When Neal spilled over his own palm, he bent his head down toward the bed, his words rushed, a gasp, but still audible to Mozzie’s ears. “Oh, God, Moz.” And then again in a new arrangement of the same three words.

“Oh, God,” Mozzie repeated.

One more thrust, two, and Mozzie followed Neal, shuddered to a finish. He collapsed onto the bed beside Neal and threw the condom unceremoniously to the floor. They weren’t supposed to be moonlight dinners and I love yous. They were spilled glasses of wine and used condoms tossed onto antique rugs.

It was close enough.

“What are you smiling at?” Neal asked him, stretched out beside him, his breath hot on Mozzie’s cheek.

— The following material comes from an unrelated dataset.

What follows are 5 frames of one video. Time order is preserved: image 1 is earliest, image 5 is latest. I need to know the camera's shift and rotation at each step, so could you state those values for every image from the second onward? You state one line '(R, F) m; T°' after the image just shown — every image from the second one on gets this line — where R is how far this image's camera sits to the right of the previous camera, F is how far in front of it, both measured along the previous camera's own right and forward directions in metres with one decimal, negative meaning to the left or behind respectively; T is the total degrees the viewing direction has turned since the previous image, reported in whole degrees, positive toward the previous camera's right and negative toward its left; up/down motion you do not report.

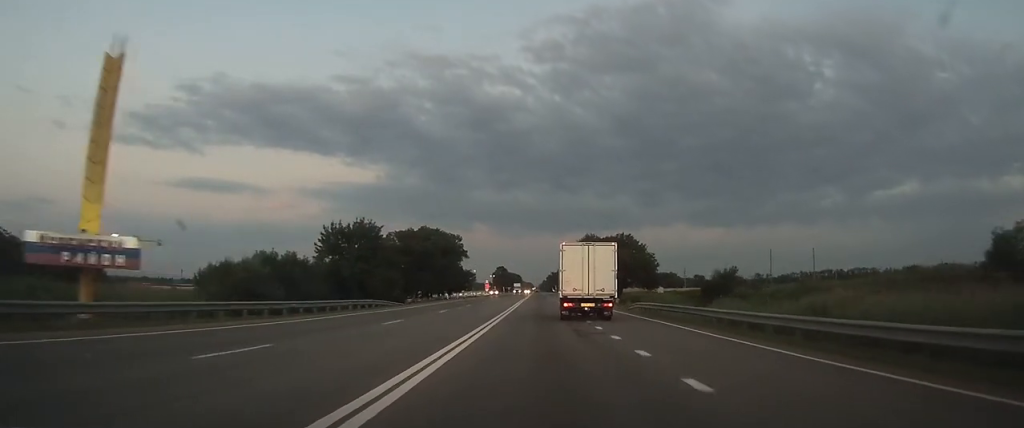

“What do you think?” Mozzie asked, but he tried to suppress it now that he’d been caught.

Neal shrugged and pressed his mouth to Mozzie’s bare shoulder. He felt Neal’s lips smile against his skin, a response. Mozzie let a fraction of his own smile return now that Neal’s face was safely tucked away from view, just a small moment of satisfaction.

This, Mozzie thought. If he was being honest with himself, and at the moment he was, he knew that this was the reason he did it.

One of the reasons.

Because once in a while the Suit was forgotten and Mozzie’s name was the only name that spilled from Neal’s lips.


End file.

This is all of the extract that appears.